Here the job is to transcribe the data verbatim while leaving each picture out.

[RECORDS FOR PROCESSING Boundary: Start]

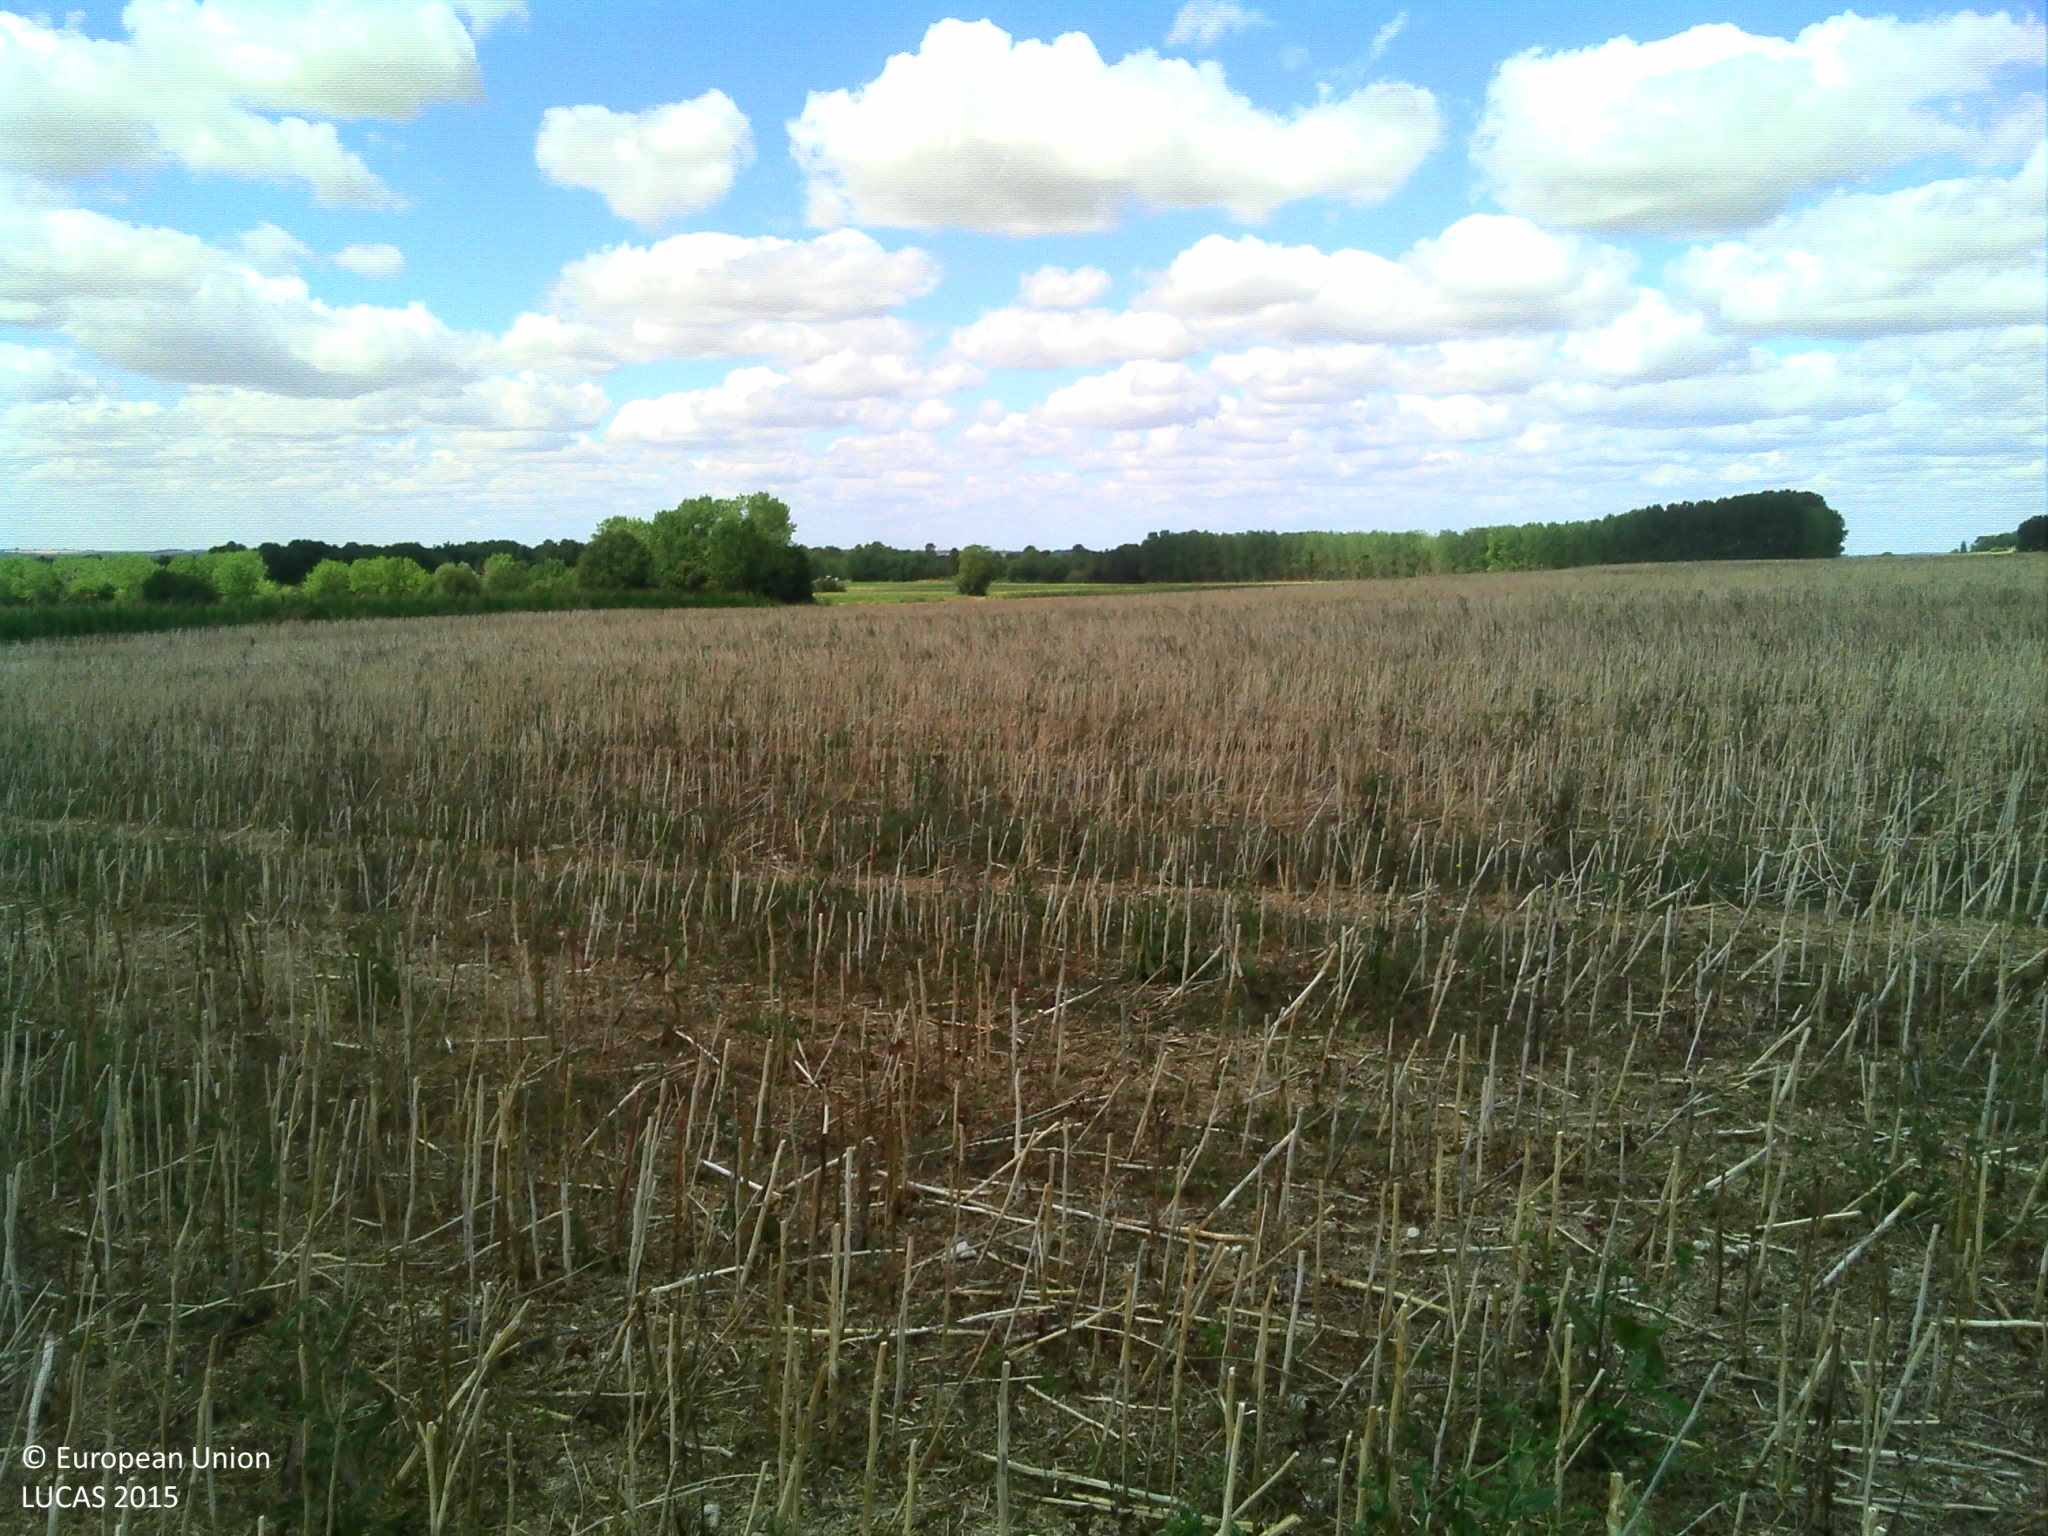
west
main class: Cropland
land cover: Rape and turnip rape
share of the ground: 10 - 25 %
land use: Agriculture (excluding fallow land and kitchen gardens)
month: July
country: FR
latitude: 47.0055
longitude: 0.3914

[RECORDS FOR PROCESSING Boundary: End]

- _RESULT OF THIS EXERCISE_
west
main class: Cropland
land cover: Rape and turnip rape
share of the ground: 10 - 25 %
land use: Agriculture (excluding fallow land and kitchen gardens)
month: July
country: FR
latitude: 47.0055
longitude: 0.3914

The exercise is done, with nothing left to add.